PROBLEM:
If a record holds a picture, omit that picture and copy everything else exactly.

DATA SHOWN:
· · ·

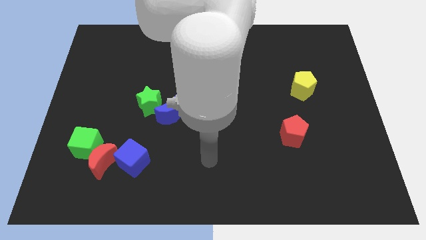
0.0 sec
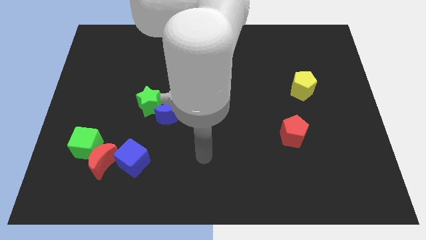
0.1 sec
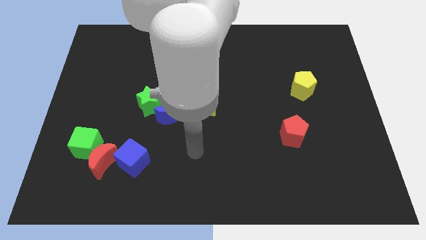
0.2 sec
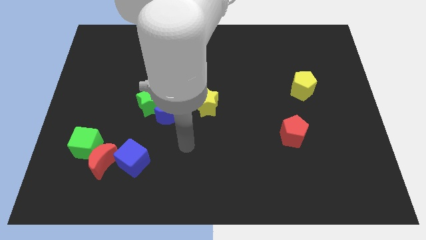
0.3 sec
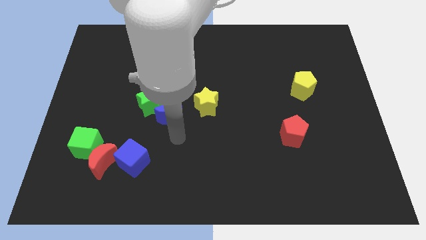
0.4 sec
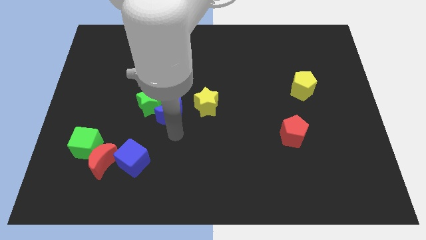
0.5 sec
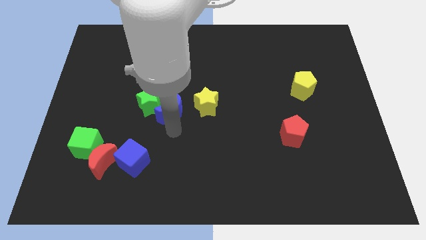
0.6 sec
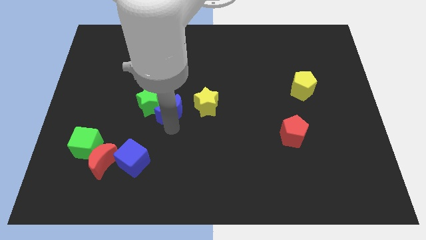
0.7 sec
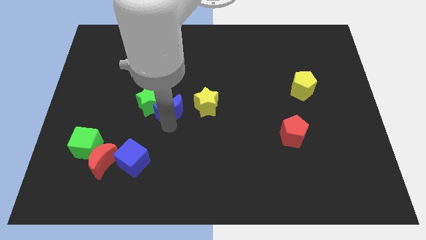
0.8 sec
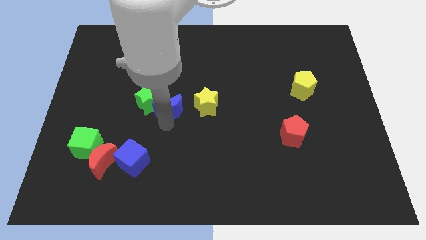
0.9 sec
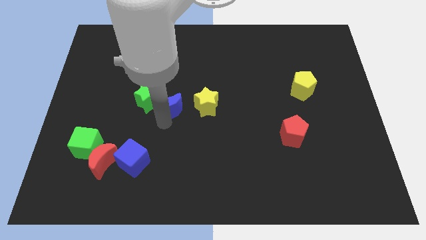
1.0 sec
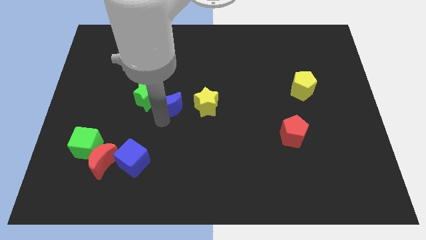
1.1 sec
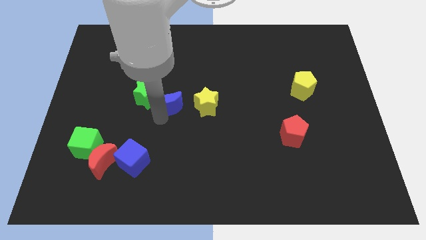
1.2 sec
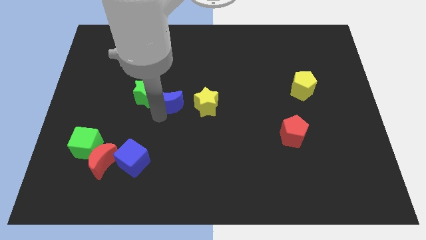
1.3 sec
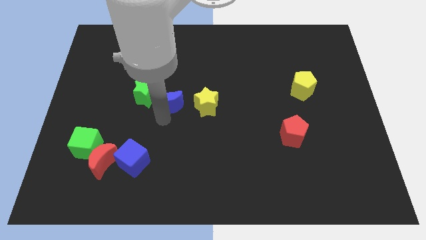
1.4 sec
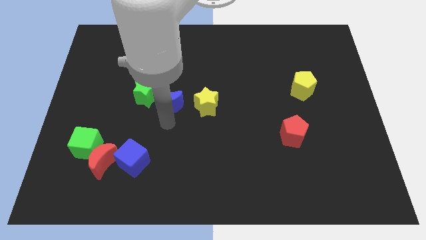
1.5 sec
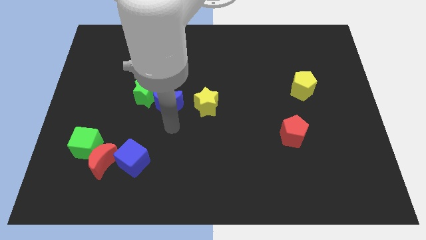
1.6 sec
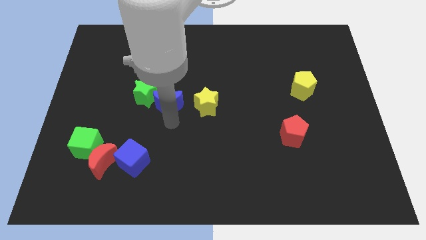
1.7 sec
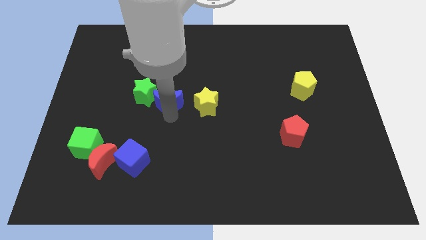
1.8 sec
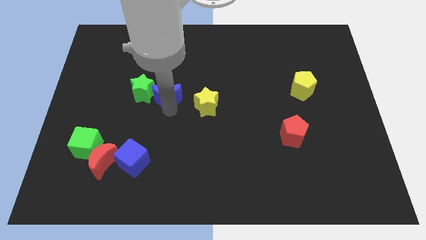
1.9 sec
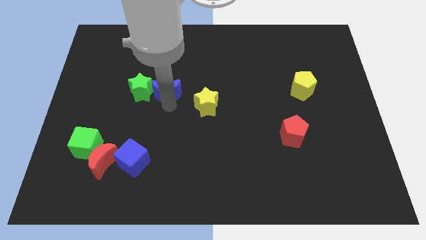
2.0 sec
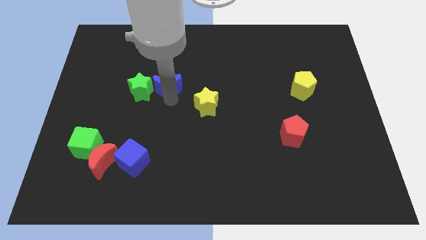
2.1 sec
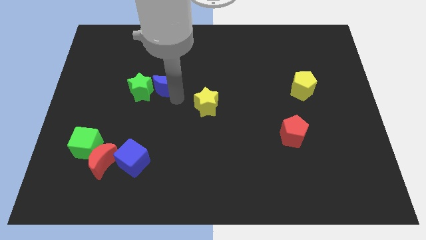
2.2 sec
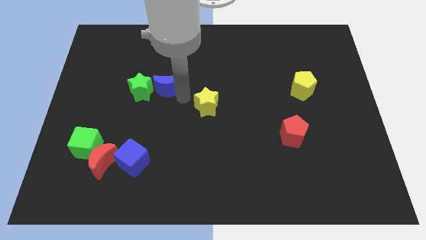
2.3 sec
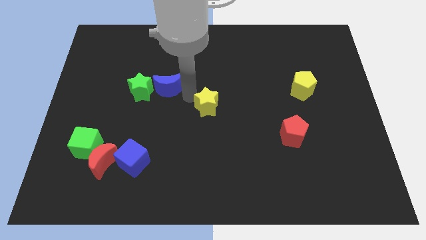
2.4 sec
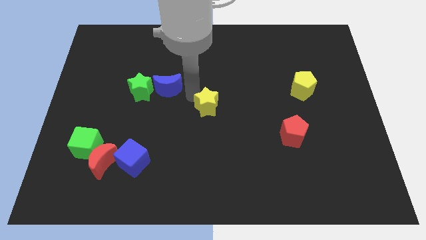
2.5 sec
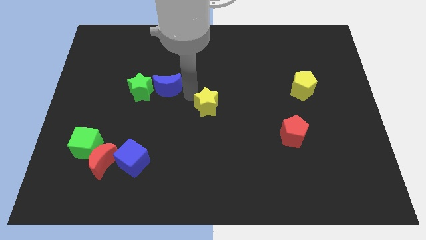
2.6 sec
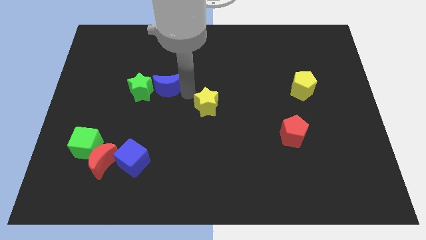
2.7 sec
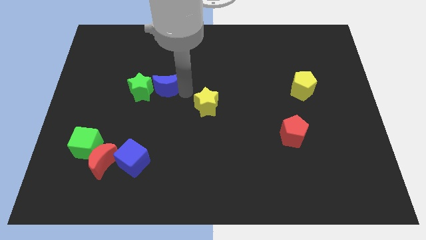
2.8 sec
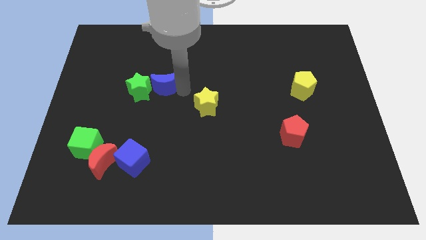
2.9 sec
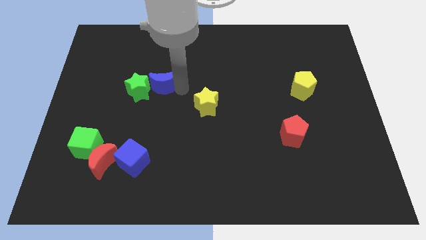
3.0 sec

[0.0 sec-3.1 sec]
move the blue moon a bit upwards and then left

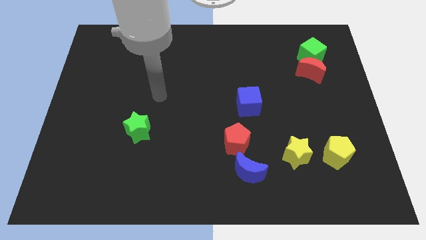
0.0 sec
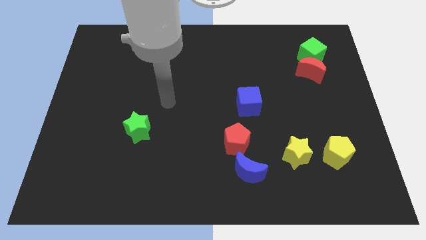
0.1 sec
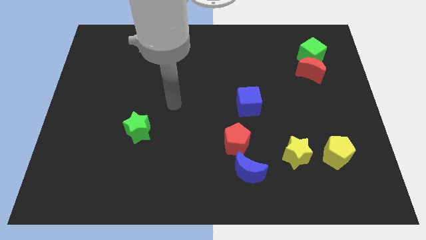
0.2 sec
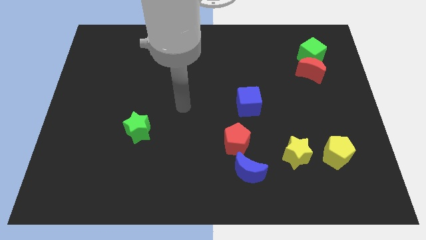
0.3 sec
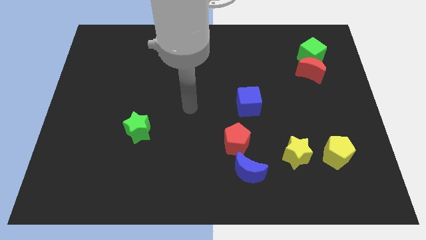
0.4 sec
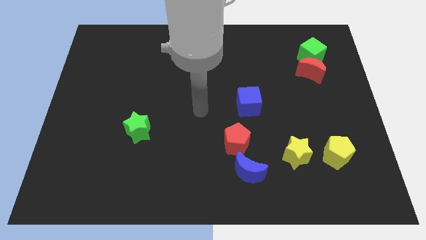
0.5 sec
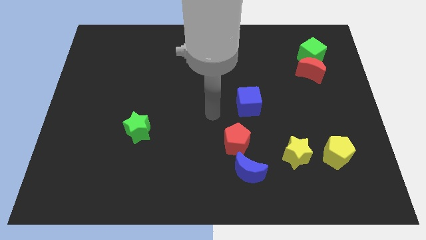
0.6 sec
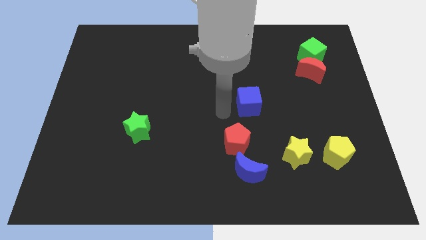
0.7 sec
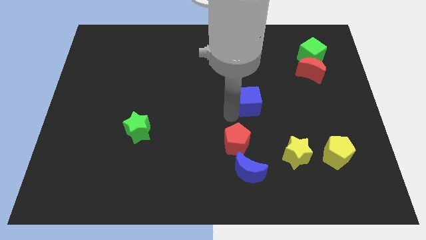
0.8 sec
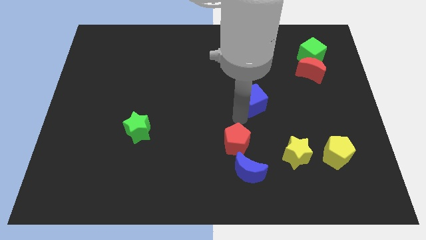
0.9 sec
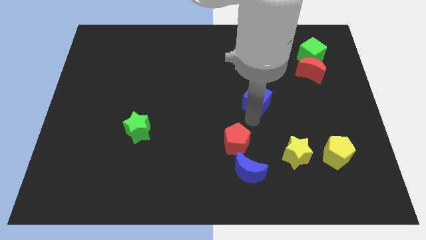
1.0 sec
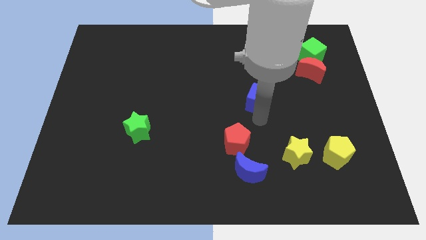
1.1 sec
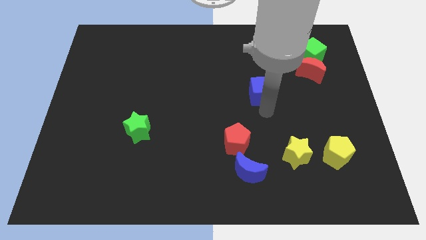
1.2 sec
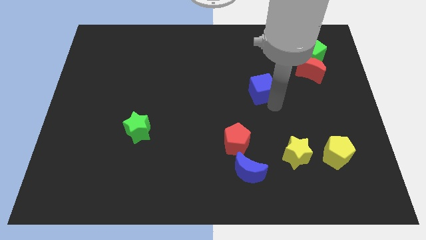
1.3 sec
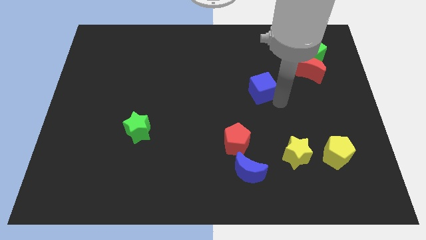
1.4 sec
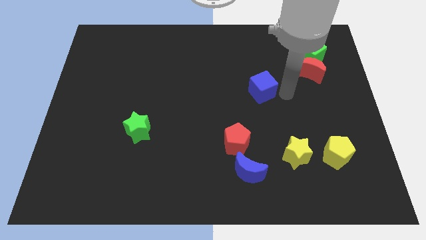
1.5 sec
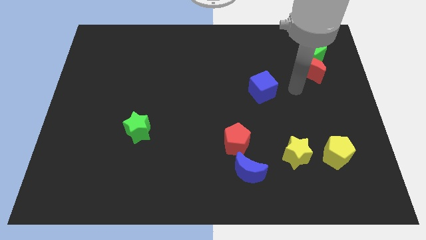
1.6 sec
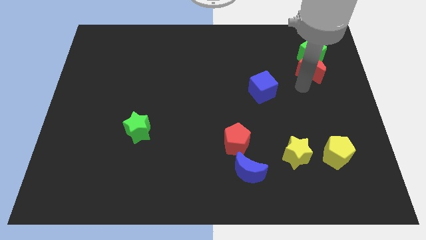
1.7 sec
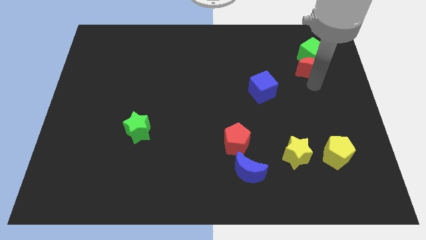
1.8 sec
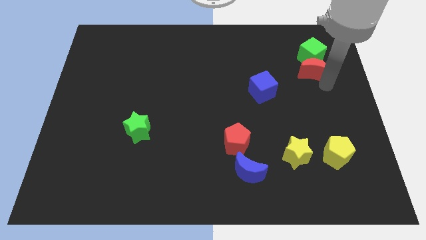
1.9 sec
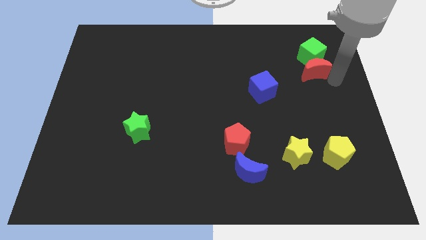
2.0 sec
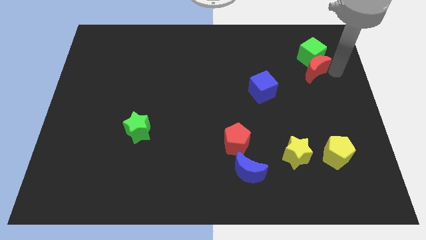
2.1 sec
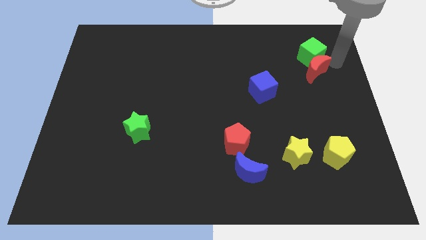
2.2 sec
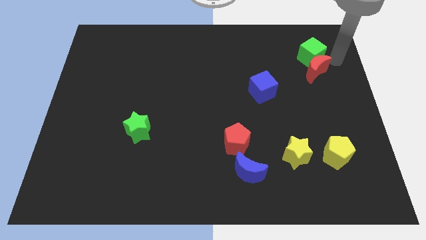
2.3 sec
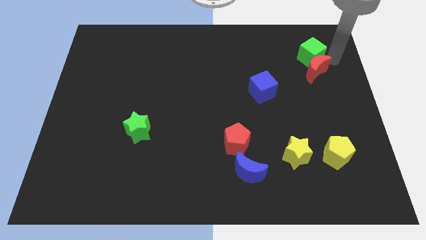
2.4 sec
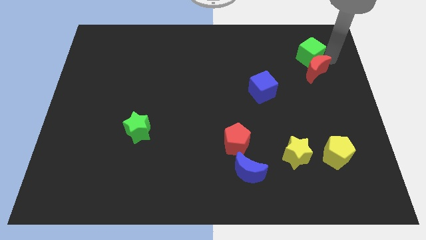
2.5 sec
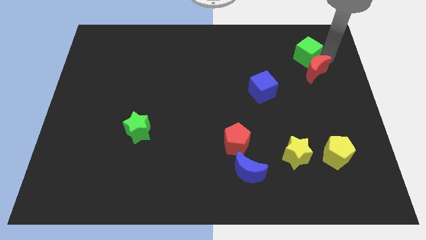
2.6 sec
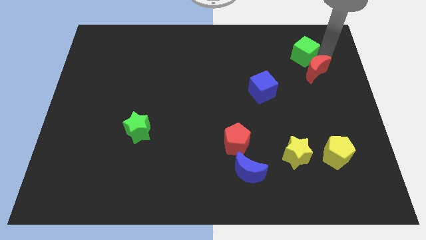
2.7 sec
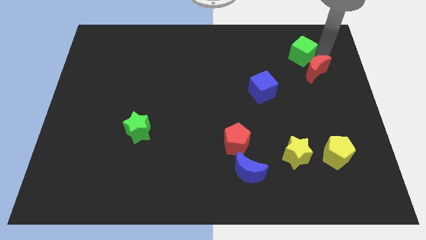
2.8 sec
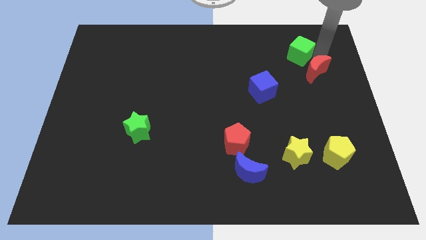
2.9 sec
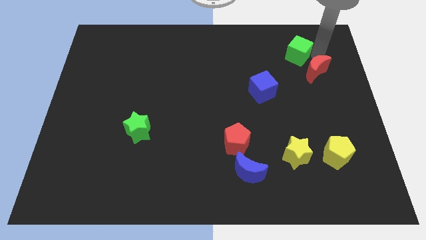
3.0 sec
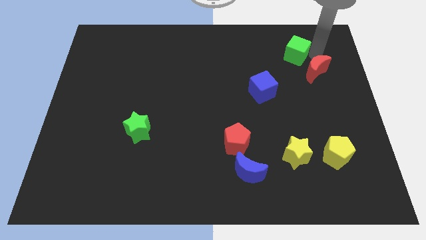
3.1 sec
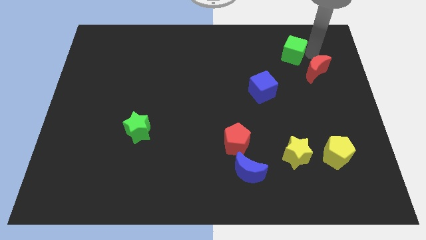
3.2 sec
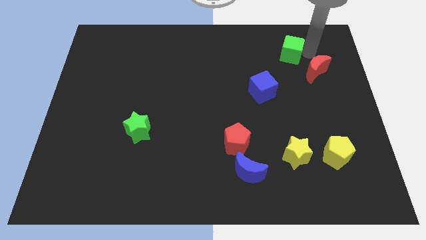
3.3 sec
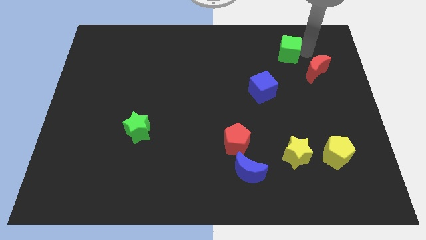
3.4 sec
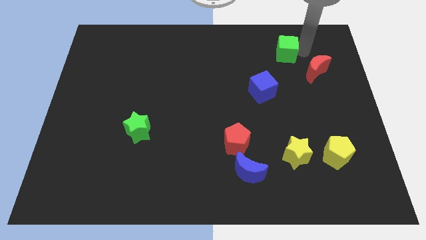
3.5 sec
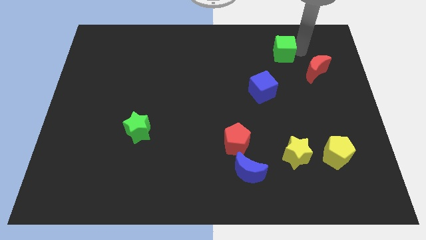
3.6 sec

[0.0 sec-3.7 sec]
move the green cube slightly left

· · ·

PROBLEM SOLUTION:
0.0 sec
0.1 sec
0.2 sec
0.3 sec
0.4 sec
0.5 sec
0.6 sec
0.7 sec
0.8 sec
0.9 sec
1.0 sec
1.1 sec
1.2 sec
1.3 sec
1.4 sec
1.5 sec
1.6 sec
1.7 sec
1.8 sec
1.9 sec
2.0 sec
2.1 sec
2.2 sec
2.3 sec
2.4 sec
2.5 sec
2.6 sec
2.7 sec
2.8 sec
2.9 sec
3.0 sec

[0.0 sec-3.1 sec]
move the blue moon a bit upwards and then left

0.0 sec
0.1 sec
0.2 sec
0.3 sec
0.4 sec
0.5 sec
0.6 sec
0.7 sec
0.8 sec
0.9 sec
1.0 sec
1.1 sec
1.2 sec
1.3 sec
1.4 sec
1.5 sec
1.6 sec
1.7 sec
1.8 sec
1.9 sec
2.0 sec
2.1 sec
2.2 sec
2.3 sec
2.4 sec
2.5 sec
2.6 sec
2.7 sec
2.8 sec
2.9 sec
3.0 sec
3.1 sec
3.2 sec
3.3 sec
3.4 sec
3.5 sec
3.6 sec

[0.0 sec-3.7 sec]
move the green cube slightly left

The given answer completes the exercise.